La première chose à remarquer, c'est que l'agitation
intellectuelle et morale puissante dont Jésus a été l'origine ne s'est pas
traduite de son vivant par un mouvement matériel et politique.
Il n'y a pas trace d'une émeute, d'une rébellion, comme
furent plus tard celles de Judas le Gaulonite ou de Barkoceba. Le fait qui a
motivé la condamnation de Jésus a donc eu une cause purement doctrinale et
cette cause a dû être extrêmement grave, vu la sévérité de la condamnation et
son exécution par les Romains à la veille de la plus grande Fête de l'année et
bien que l'ordre public ne fût pas intéressé.
Un autre témoignage de cette gravité est la haine vouée
par les Juifs à la mémoire de Jésus (v. Talmud), de même que la vertu, ou, si
l'on veut, la virulence de sa doctrine, est confirmée par la conversion, un an
après le Calvaire, de saint Paul, un pharisien entre les pharisiens.
Ne s'étant traduite par aucun mouvement politique, il faut
conclure que la doctrine du Christ avait uniquement rapport au monde des idées,
de la conscience. C'était quelque chose de séparé du temporel. Elle faisait une
distinction radicale entre le monde du fait matériel et le monde moral.
D'autre part, elle ne s'est jamais posée comme la
destruction de l'ancienne religion, mais comme son explication et son
développement. Le Christ prêche partout dans les Synagogues, du haut des
chaires officielles.
Cependant la prédication de Jésus cause un scandale énorme
parmi les autorités chargées officiellement de l'interprétation et de
l'administration de l'ancienne religion. Elles se sont senties menacées à la
fois dans leurs croyances et dans leur position officielle, atteintes à la
base. On sent que les pharisiens défendent leur peau. Il y a donc de la part de
Jésus non seulement prédication morale, comme celle de Jean-Baptiste, mais
doctrine : doctrine indiquée par lui comme la suite et le développement de
l'ancienne révélation, et cependant scandaleusement nouvelle aux yeux des
détenteurs de la Loi.
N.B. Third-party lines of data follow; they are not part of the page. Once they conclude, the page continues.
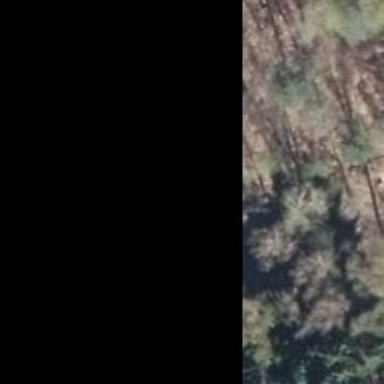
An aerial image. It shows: Hunting stand.
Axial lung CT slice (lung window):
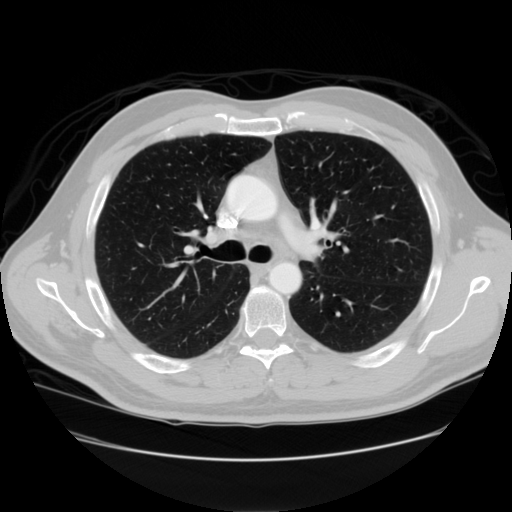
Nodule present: no
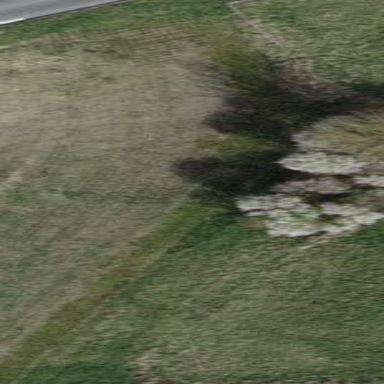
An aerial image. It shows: Area covered with grass.
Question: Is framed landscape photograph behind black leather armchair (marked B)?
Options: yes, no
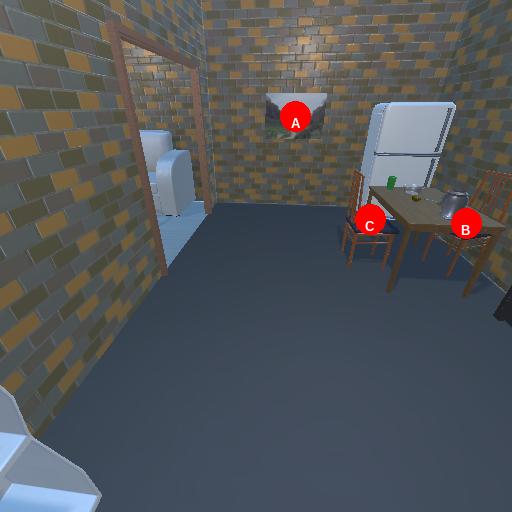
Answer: yes
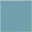
Piece: xx
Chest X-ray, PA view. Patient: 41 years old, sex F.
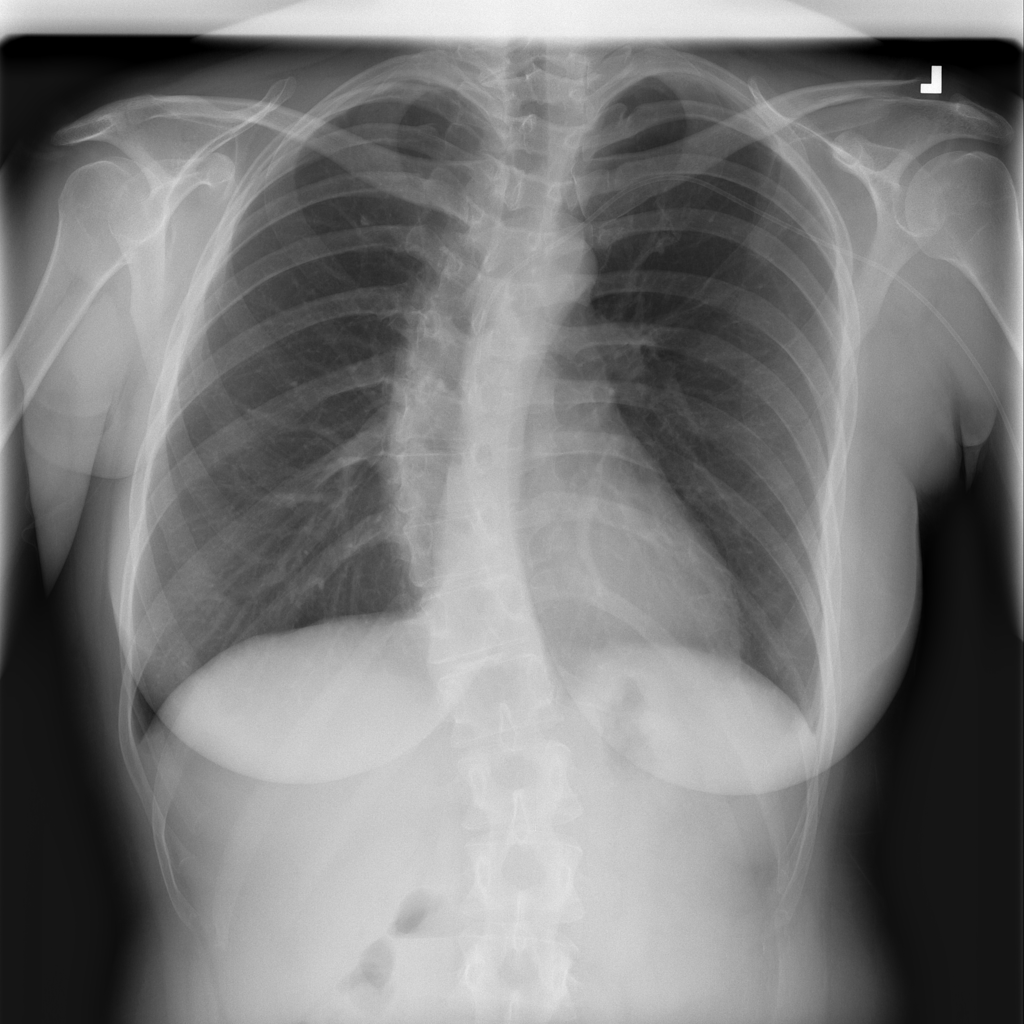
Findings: No Finding
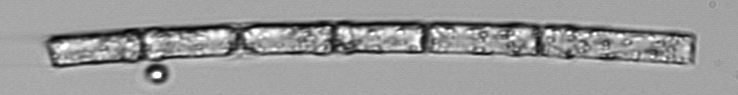
Label: Guinardia_delicatula
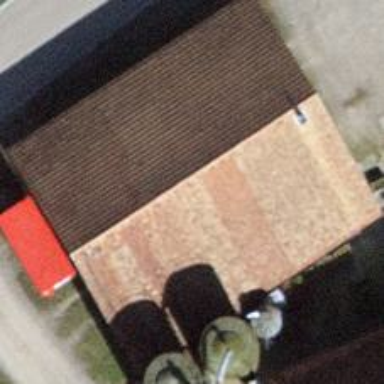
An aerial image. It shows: Farm auxiliary building.
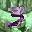
Label: 3
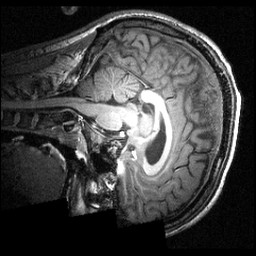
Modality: T1w
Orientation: sagittal
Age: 21
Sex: male
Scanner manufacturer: siemens
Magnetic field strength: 3.951 T
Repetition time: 1.5 s
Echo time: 0.00335 s
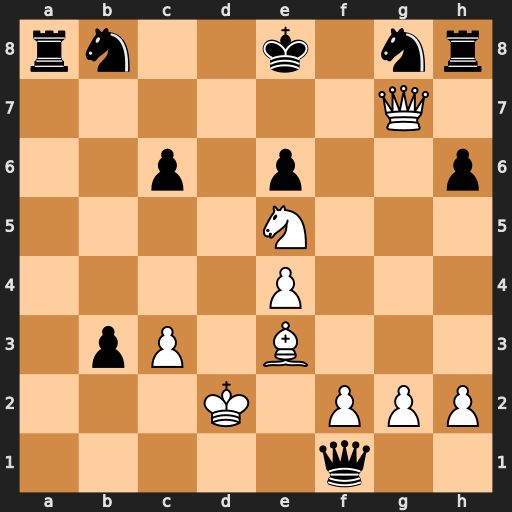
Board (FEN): rn2k1nr/6Q1/2p1p2p/4N3/4P3/1pP1B3/3K1PPP/5q2
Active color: w
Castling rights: kq
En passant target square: -
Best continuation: Qf7+ Kd8 Bb6+ Kc8 Qc7#
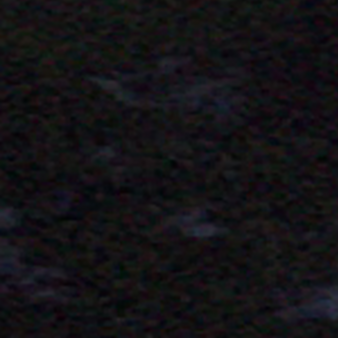
Label: other
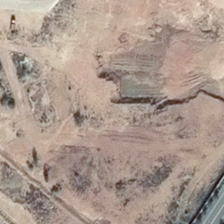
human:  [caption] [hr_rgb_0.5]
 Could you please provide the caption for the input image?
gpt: it is a piece of irregular khaki bareland .

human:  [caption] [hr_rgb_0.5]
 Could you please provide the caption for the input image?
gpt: it is a piece of irregular khaki bareland .

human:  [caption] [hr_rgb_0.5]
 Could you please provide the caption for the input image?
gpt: it is a piece of irregular khaki bareland .

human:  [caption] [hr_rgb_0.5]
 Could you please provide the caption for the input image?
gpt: it is a piece of irregular khaki bareland .

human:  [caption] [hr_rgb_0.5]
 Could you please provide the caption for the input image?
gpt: it is a piece of irregular khaki bareland .
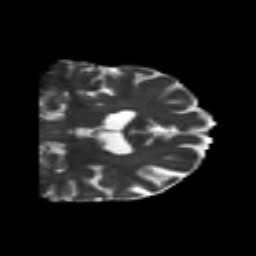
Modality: T2w
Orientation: coronal
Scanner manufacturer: siemens
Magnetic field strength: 3 T
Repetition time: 6.8 s
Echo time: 0.093 s
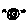
Label: moon
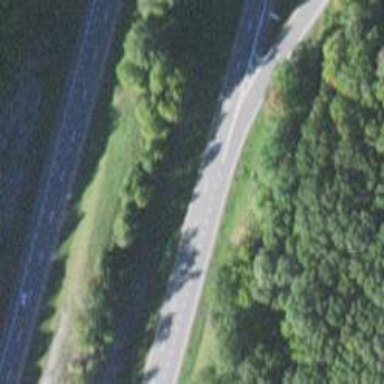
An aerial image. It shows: Motorway junction.
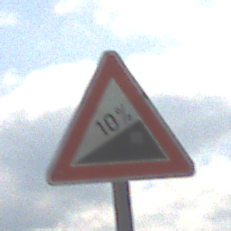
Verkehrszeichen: Steigung10
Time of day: Midday
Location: Outdoor (RoadRail)
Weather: PartlyCloudy
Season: NotSpecified
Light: Natural
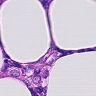
Metastatic tissue present: yes
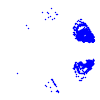
Particle: proton
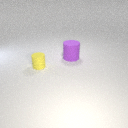
small yellow rubber cylinder in front of large purple rubber cylinder
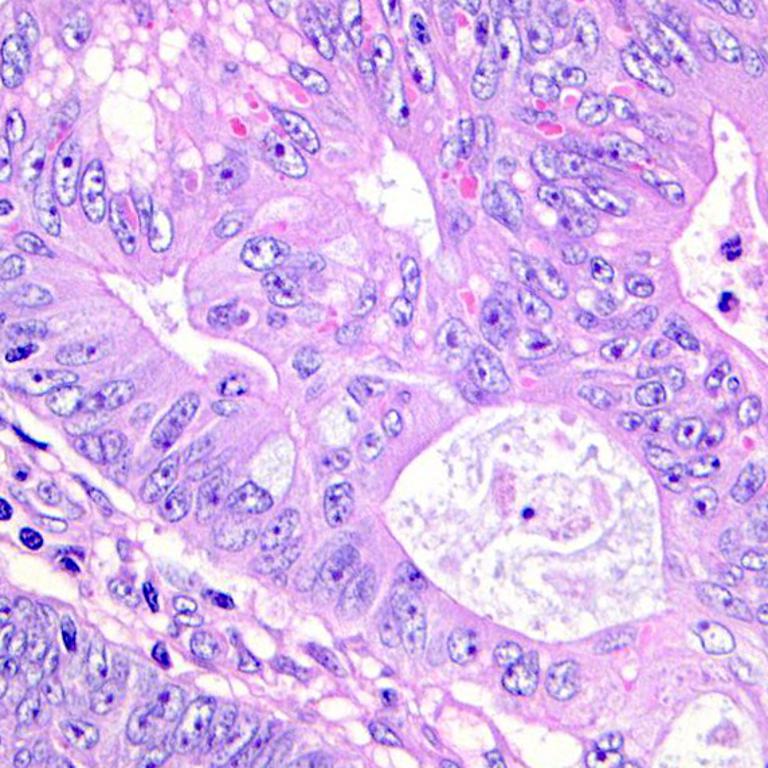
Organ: colon
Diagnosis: adenocarcinomas
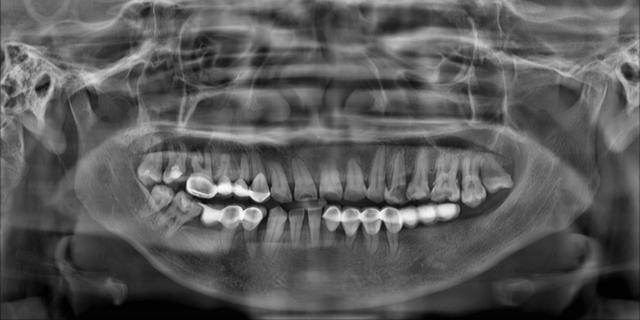
adult
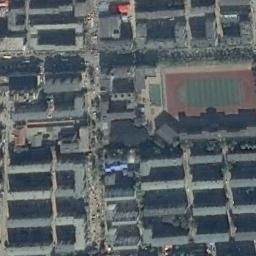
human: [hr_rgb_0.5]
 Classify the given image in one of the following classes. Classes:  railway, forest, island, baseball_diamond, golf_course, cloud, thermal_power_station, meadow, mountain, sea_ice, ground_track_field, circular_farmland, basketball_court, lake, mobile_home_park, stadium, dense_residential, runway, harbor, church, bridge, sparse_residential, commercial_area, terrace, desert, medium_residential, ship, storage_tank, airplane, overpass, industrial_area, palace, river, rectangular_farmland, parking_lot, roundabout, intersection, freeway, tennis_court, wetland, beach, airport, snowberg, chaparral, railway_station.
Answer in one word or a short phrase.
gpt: ground_track_field
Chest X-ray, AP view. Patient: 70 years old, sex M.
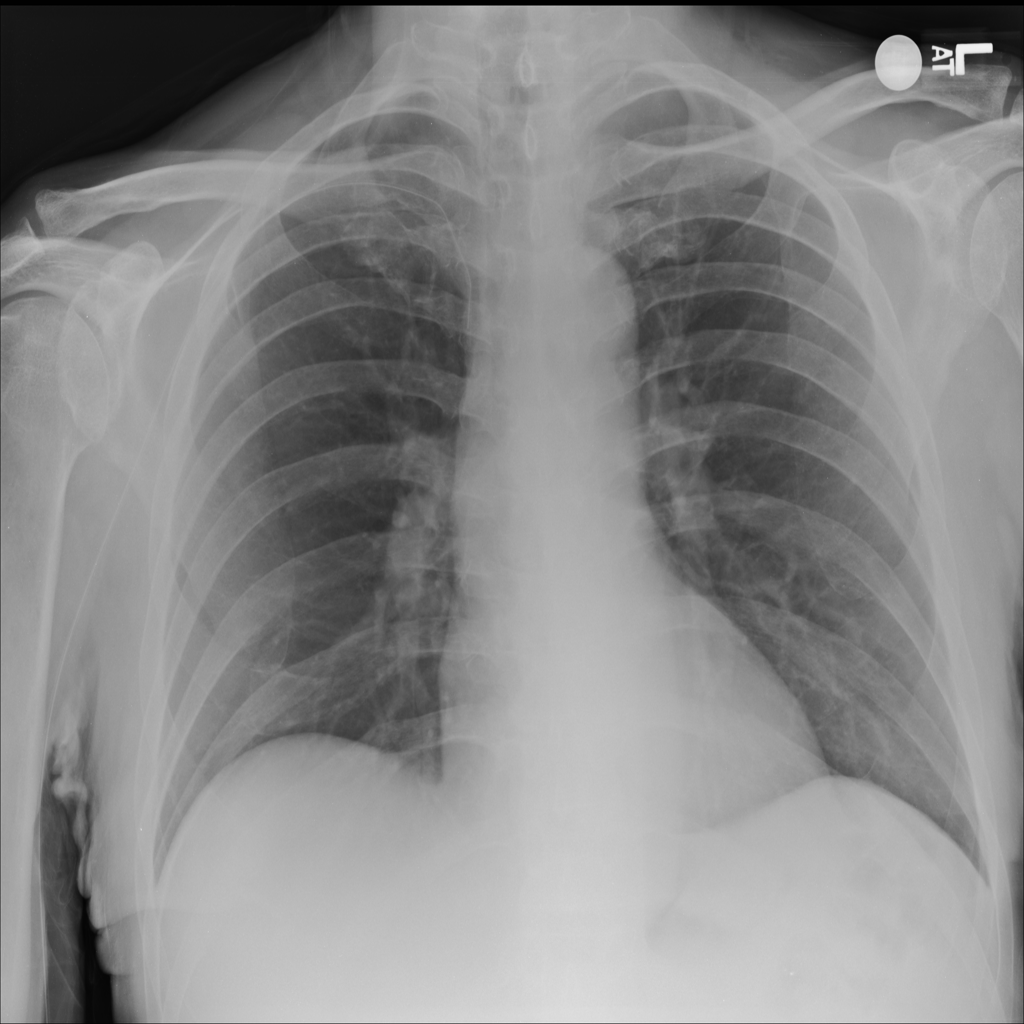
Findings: No Finding
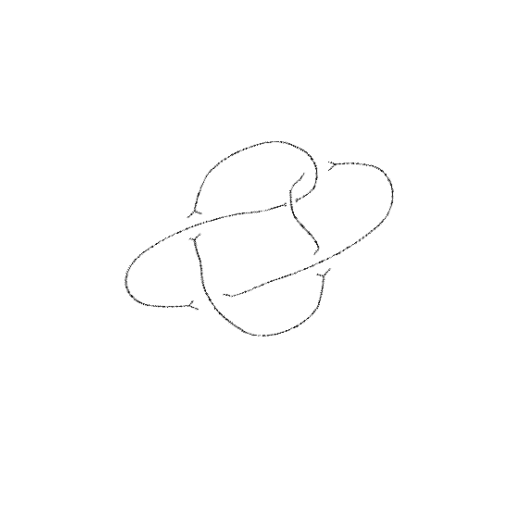
Crossing number: 5
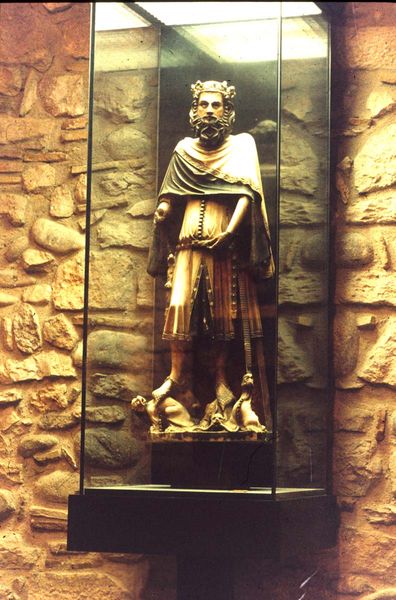
Titel: Statue Karls des Großen
Institution: Gerona, Museo Diocesano
Schlagwörter: fuß, hand, mann, umhang, glas, holz, licht, gürtel, rot, rock, bart, wand, arme, augen, bibel, leiche, sockel, stehen, steine, tot, figur, gewand, mantel, krone, engel, skulptur, statue, füße, mauer, beleuchtung, könig, bauch, knöpfe, bemalt, foto, schwert, leichen, soldat, tote, vitrine, kasten, bruchstein, drachen, umahng, hüftgürtel, natursteinmauer, glaskasten, umhag, manmn, krpone, brauearm, arm beschädigt, kostbares gewand, leere hände
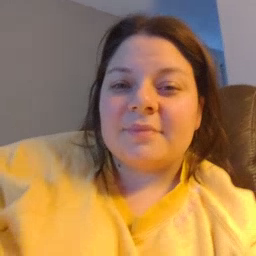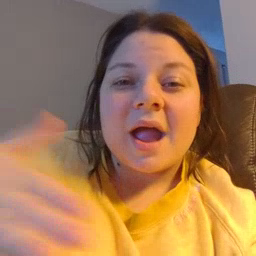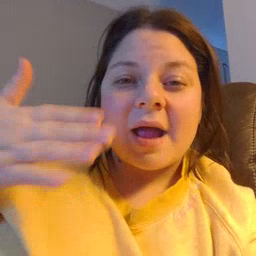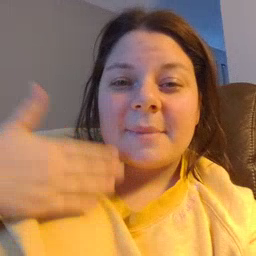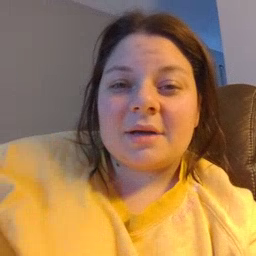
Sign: happy

Jésus a donc dû dire quelque chose d'énorme.
Il n'y a rien de plus énorme qu'un blasphème. Et
précisément nous voyons que le fait reproché au Christ est un Blasphème,
c'est-à-dire un attentat contre la Divinité elle-même, l'attribution à la
Divinité d'un caractère qui en avilissait la majesté. Quel était ce
blasphème ? Nous avons à ce sujet le témoignage contemporain de saint Paul.
Dès qu'il y a une trace historique d'un chrétien, dès la première conversion
authentiquement constatée, ce chrétien croyait que le Christ était le Fils de
Dieu. Et s'il a cru que Jésus était le Fils de Dieu, c'est que Jésus avait dit
lui-même qu'il l'était (contre Renan).
Cette affirmation était bien en effet aux yeux des Juifs
un scandale inouï, eux qui à cette époque n'osaient même plus prononcer le nom incommunicable. Dans toute
l'histoire humaine, jamais un révolutionnaire religieux n'a osé se proclamer le
Fils de Dieu (Dieu dans la plénitude du sens que lui donnaient les Juifs), et
cela pour des
raisons bien simples : car il manquait trop évidemment et de la perfection
morale et de la puissance matérielle pour justifier un pareil titre. Une pareille
affirmation au milieu du monde juif, c'était quelque chose d'inouï,
d'effroyable ! Il a donc fallu absolument que cette prétention, Jésus la
justifiât, qu'il donnât des marques frappantes à la fois de sa sagesse et de
son pouvoir, qu'il portât témoignage de lui-même à la fois par la sainteté et
par ses miracles. Cette nécessité était d'autant plus grande que tout en
engageant ses disciples dans une voie nouvelle qui mettait contre eux toute
l'autorité officielle et traditionnelle du Judaïsme, il ne leur promettait
cependant aucun avantage matériel, mais, au contraire, la persécution.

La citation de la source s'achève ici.